Records from a dataset
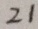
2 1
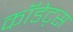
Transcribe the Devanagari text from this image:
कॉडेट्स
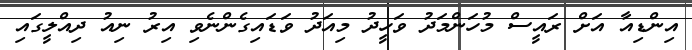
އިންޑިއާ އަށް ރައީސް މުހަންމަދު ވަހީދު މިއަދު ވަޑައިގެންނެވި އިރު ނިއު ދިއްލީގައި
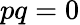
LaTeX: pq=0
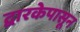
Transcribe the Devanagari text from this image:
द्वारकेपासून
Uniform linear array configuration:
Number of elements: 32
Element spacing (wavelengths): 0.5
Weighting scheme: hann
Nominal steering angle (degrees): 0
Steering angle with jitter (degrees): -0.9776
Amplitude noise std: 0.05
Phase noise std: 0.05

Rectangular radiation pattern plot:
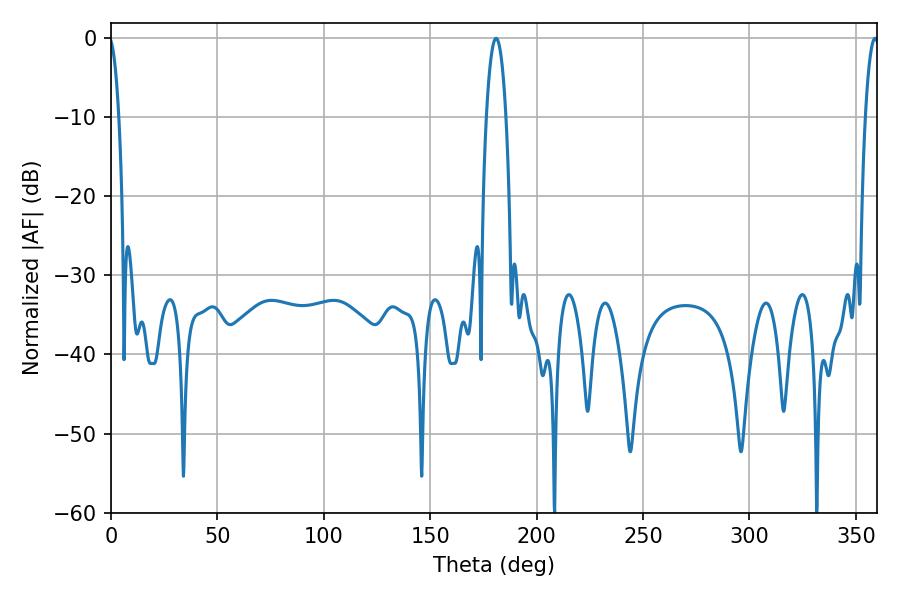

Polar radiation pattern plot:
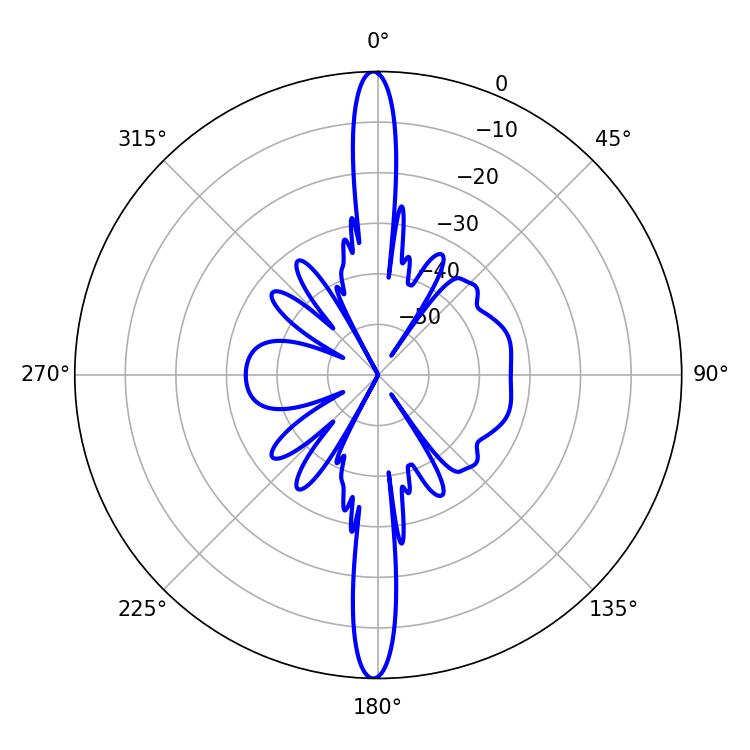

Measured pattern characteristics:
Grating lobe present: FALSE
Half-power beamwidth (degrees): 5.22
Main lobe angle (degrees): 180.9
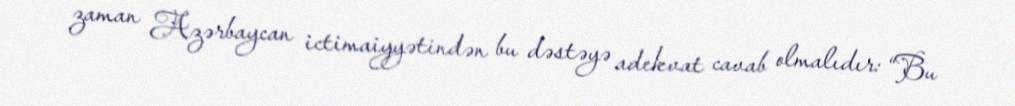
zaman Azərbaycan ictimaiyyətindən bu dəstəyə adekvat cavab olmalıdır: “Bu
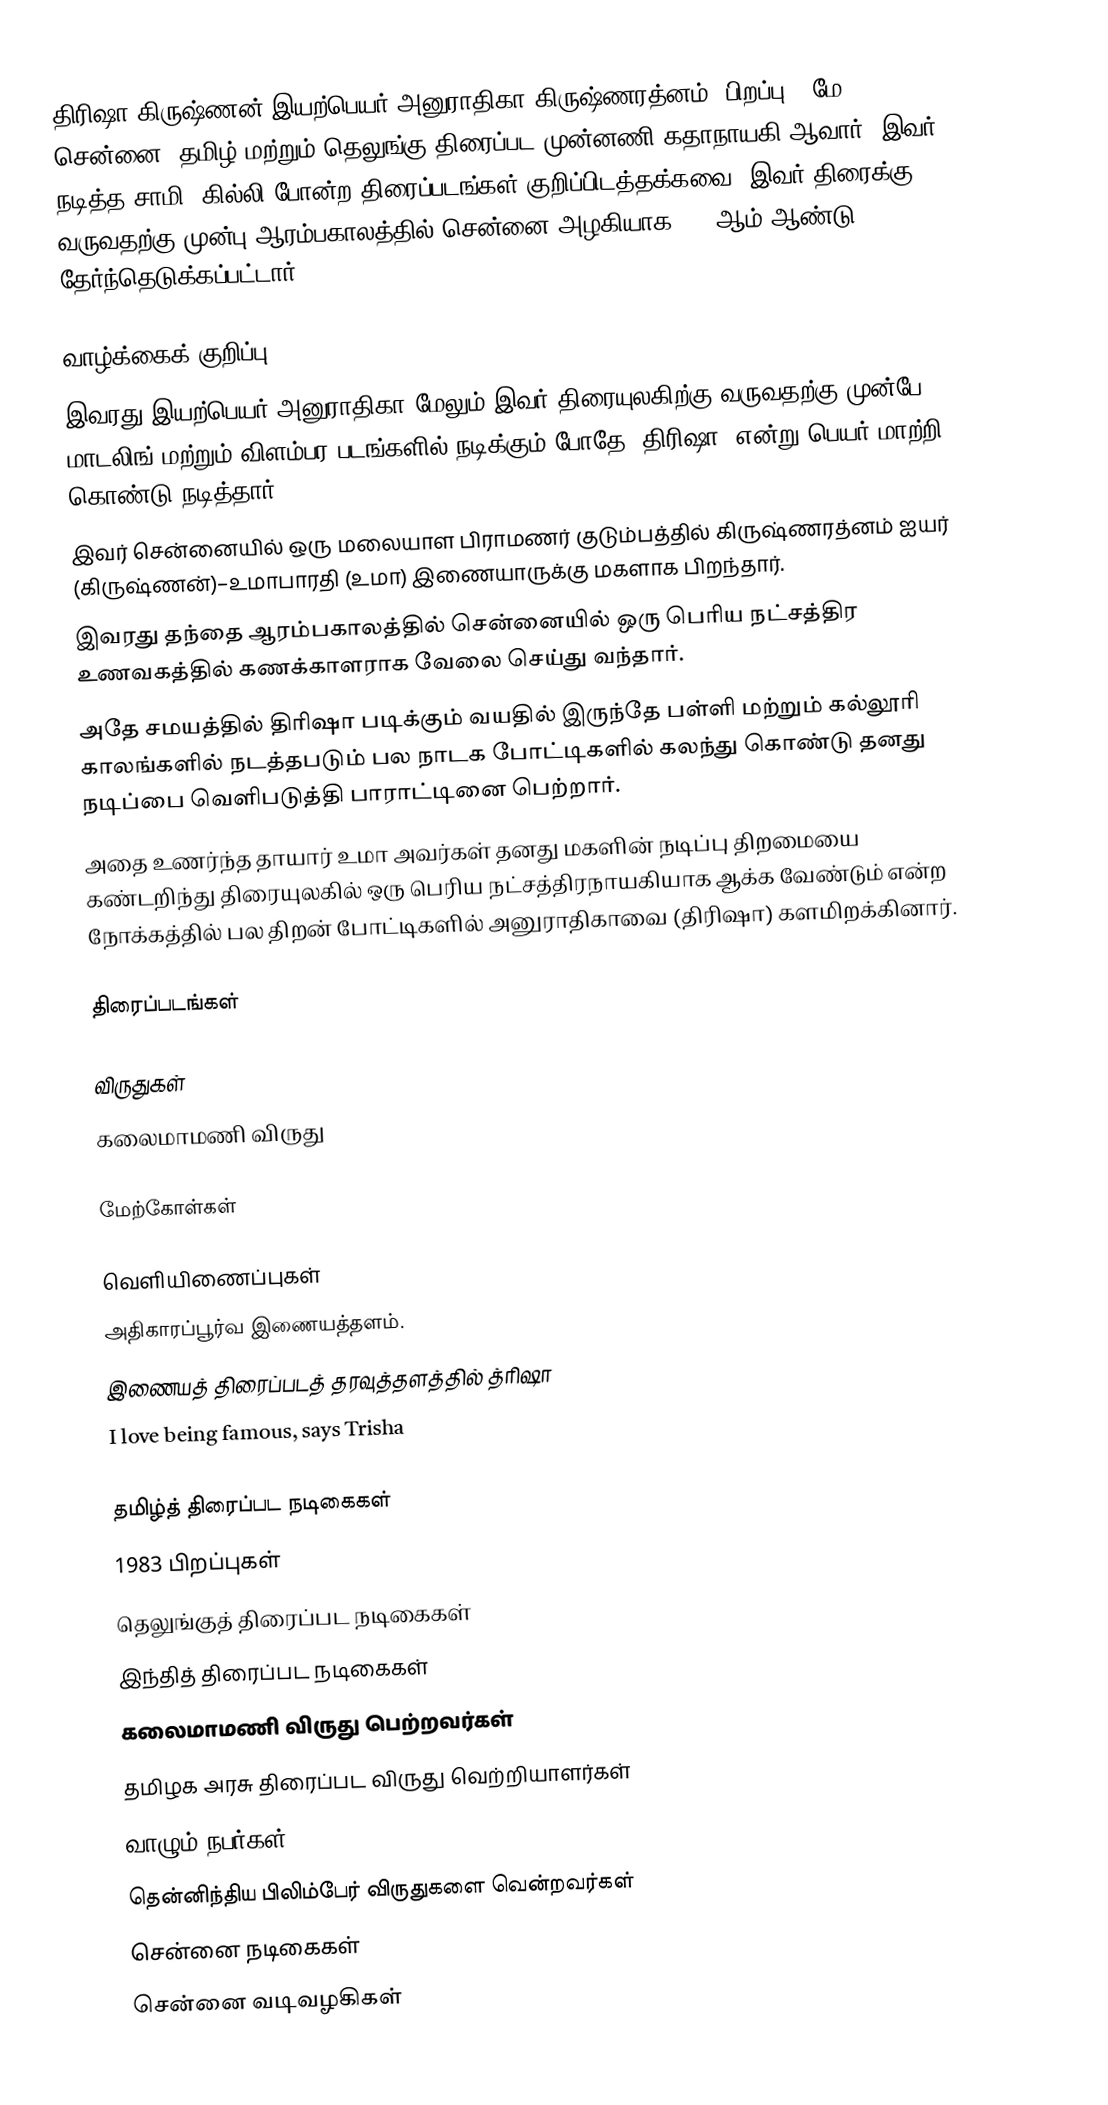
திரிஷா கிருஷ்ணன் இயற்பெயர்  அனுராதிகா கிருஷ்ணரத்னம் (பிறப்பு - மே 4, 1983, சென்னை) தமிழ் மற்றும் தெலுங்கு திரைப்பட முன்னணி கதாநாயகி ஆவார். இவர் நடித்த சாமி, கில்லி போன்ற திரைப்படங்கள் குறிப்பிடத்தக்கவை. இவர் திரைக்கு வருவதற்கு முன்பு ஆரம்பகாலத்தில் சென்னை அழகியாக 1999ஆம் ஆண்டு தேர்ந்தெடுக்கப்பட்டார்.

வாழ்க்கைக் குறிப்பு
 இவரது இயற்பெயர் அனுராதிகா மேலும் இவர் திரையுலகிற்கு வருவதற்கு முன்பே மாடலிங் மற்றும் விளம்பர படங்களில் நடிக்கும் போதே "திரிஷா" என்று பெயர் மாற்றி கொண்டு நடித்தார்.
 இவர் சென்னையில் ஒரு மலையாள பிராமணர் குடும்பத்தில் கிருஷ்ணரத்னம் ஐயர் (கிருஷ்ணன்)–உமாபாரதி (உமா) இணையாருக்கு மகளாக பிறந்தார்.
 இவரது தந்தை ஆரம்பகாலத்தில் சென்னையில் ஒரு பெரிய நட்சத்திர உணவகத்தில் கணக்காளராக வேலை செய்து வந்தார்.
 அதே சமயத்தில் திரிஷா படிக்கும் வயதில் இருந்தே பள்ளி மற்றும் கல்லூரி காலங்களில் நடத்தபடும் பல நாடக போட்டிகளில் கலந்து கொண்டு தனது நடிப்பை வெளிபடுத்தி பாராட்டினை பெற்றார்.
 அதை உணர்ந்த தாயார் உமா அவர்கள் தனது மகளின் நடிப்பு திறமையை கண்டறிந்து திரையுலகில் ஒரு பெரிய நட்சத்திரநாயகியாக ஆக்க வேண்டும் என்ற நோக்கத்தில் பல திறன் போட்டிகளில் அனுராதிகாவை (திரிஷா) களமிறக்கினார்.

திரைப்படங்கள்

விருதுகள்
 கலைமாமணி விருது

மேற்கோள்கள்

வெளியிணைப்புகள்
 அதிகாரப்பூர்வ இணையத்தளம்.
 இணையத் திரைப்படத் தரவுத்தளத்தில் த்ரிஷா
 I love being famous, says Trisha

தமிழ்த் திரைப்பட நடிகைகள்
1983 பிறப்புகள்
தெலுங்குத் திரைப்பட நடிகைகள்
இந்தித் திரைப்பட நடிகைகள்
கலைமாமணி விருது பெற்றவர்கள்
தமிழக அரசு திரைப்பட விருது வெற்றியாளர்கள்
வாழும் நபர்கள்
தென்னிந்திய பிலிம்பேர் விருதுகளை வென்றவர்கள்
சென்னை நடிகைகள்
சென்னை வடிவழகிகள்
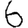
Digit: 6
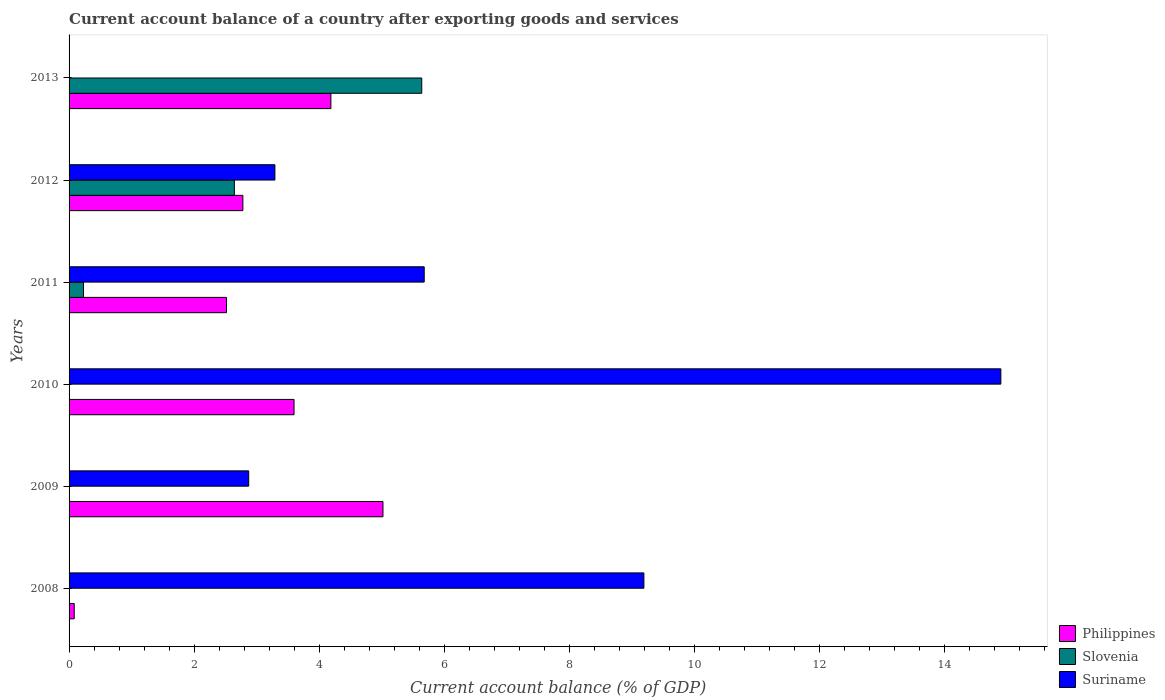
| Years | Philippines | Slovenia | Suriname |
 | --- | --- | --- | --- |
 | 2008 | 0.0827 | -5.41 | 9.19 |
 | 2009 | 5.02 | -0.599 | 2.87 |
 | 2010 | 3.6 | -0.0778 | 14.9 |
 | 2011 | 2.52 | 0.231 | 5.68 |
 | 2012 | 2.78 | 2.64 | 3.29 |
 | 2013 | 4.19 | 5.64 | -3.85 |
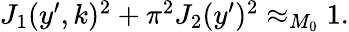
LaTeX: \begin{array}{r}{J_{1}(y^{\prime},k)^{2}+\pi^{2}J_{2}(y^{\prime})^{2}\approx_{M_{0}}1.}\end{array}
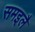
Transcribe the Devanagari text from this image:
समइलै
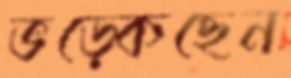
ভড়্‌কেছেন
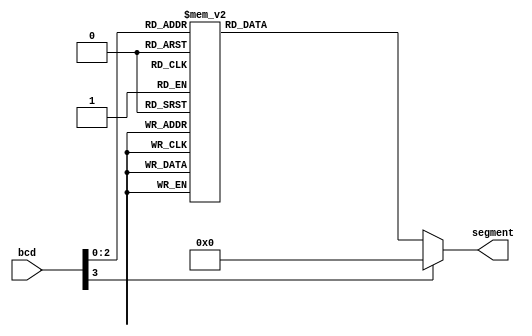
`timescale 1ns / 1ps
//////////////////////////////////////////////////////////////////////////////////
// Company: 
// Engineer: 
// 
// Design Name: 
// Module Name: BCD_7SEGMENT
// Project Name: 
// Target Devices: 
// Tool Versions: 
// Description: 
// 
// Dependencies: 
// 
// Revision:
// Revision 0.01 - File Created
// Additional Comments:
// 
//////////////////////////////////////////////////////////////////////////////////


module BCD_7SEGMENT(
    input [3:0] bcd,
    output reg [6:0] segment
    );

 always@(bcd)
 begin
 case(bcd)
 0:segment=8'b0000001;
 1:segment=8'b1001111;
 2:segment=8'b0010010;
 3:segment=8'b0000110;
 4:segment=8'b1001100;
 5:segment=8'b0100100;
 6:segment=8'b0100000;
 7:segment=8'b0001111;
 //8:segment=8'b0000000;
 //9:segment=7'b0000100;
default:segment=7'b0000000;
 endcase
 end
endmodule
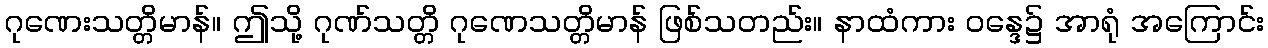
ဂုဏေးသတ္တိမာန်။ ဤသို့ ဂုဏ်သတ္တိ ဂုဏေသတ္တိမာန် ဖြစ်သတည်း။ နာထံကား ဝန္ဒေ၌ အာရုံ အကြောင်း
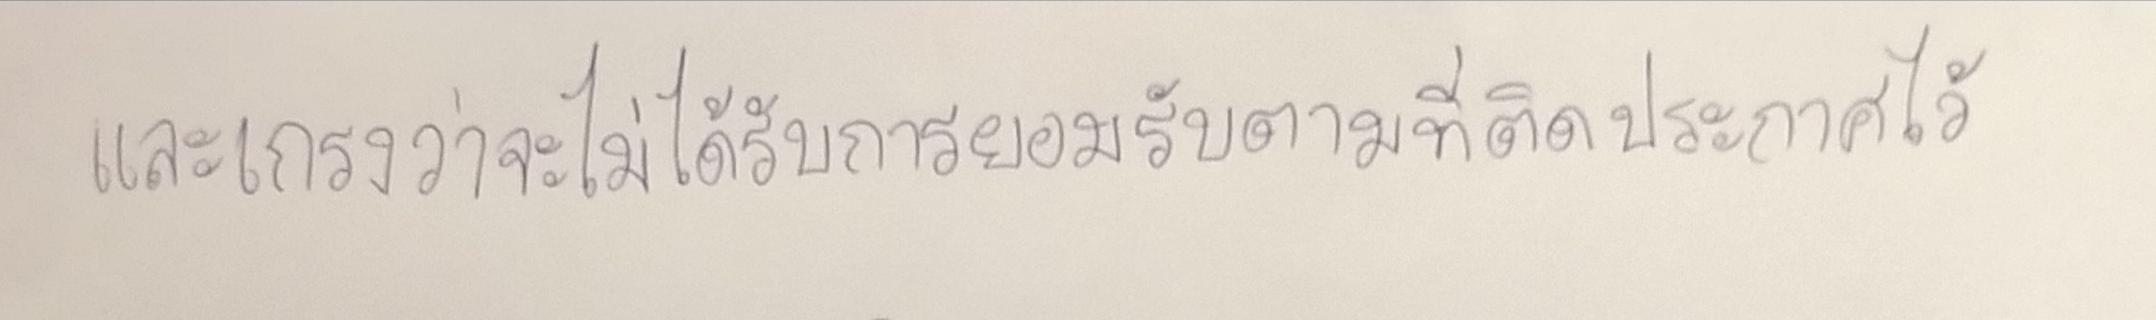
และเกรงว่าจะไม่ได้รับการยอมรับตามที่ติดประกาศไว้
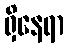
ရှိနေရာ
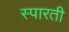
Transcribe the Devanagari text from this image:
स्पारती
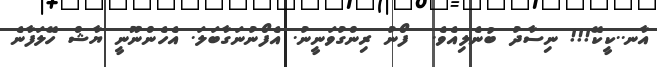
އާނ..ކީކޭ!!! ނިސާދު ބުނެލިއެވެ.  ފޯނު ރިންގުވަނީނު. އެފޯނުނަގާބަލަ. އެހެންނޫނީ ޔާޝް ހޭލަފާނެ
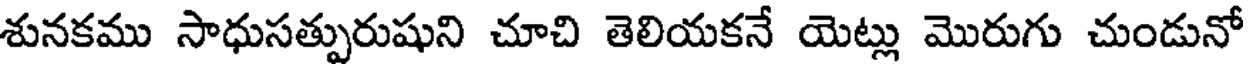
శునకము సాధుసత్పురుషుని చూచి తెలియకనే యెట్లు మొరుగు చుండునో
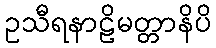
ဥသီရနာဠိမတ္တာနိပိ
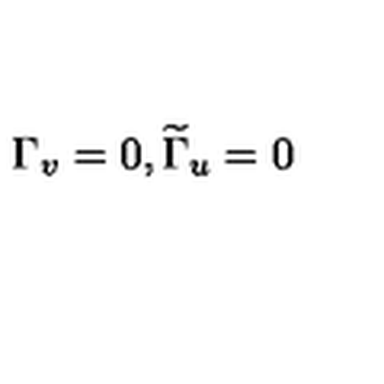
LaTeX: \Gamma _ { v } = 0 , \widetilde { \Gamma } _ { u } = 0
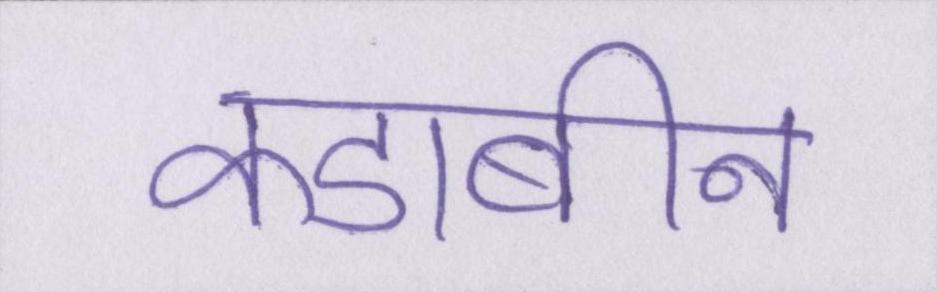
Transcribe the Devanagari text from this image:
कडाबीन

What is required ▸
Among the entries above, the lines between the ones containing "Uniform linear array" and "Phase noise std: 0.05", inclusive, are to be transcribed exactly. No other line is to be given.

Answer box ▸
Uniform linear array configuration:
Number of elements: 32
Element spacing (wavelengths): 0.5
Weighting scheme: hann
Nominal steering angle (degrees): 0
Steering angle with jitter (degrees): -0.9776
Amplitude noise std: 0.05
Phase noise std: 0.05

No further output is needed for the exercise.